When you sell your newsagency: the handover checklist

I have been working with several new newsagents in recent weeks to help resolve issues arising from poor handover from previous owners. In each case, the main issues could have been resolved with the outgoing newsagent providing a document at settlement which details information crucial to the running of the business.

Instead of a gracious and open hand over, I have seen situations recently where the outgoing newsagent actively sought to make life difficult to the incoming newsagent. People who have never owned or operated a newsagency before are particularly challenged in this situation.

One handover document I saw last week was appalling – from someone who ought to have known better.

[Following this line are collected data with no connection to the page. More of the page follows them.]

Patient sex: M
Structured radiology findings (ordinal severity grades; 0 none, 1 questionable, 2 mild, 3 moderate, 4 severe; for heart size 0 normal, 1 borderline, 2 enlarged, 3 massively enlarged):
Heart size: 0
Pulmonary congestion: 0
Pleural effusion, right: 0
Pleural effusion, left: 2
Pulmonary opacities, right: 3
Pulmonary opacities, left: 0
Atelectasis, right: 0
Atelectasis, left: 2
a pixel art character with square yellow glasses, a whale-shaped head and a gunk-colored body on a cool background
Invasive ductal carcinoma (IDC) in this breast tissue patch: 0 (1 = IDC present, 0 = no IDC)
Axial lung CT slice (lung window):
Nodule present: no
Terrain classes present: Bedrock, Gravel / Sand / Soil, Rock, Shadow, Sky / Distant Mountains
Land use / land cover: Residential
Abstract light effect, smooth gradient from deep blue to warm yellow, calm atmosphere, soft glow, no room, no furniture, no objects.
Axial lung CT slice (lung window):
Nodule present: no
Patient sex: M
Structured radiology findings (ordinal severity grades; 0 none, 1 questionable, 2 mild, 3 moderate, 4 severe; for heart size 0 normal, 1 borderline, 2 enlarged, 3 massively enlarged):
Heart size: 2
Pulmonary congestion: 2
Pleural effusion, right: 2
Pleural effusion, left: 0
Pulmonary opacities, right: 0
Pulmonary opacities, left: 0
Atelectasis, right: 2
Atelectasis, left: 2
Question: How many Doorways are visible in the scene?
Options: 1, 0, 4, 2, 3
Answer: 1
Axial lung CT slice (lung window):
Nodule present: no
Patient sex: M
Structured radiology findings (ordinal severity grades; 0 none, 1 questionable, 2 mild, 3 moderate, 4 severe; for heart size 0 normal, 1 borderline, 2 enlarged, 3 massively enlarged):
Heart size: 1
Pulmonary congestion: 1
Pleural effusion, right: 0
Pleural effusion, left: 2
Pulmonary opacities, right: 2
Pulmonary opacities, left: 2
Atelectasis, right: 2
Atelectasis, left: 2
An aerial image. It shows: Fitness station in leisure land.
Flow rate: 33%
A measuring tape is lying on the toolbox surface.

A poor handover damages the reputation of the outgoing newsagent and the newsagency channel overall. It is in our interests to structure this process. I’d like to see a common handover document adopted. This could cover:

  • Suppliers. A list including for each supplier: business name, products purchased from them, contact name, contact number, contact email address, website address, current account number, website login details including password and new account application form.
  • Email. A list of each email address used by the business and associated passwords.
  • Merchandisers. The names of merchandisers who visit the store and their contact details.
  • Processes. Details of all daily, weekly and monthly processes including details of website logins and passwords necessary for this work plus copies of blank forms necessary for completing this work.
  • Staff. Details for all staff members: Name, contact phone number, contact email address, superannuation details and details of current responsibilities in the business.
  • Customers. A list of all current customers for the business including customer name, address, phone number and email address. (I was in a business recently where the outgoing newsagent did not provide anything more than a given name and address for a customer – no proper account details.)
  • Computer details. Details of the location of original CDs containing software sold with the business. Passwords for all computers. Passwords used for any software on the computers. Passwords used for the in-house network.
  • Operational details. This general list should include the combination to all safes in the business, the security code for any alarm system, the security code for any external monitoring service.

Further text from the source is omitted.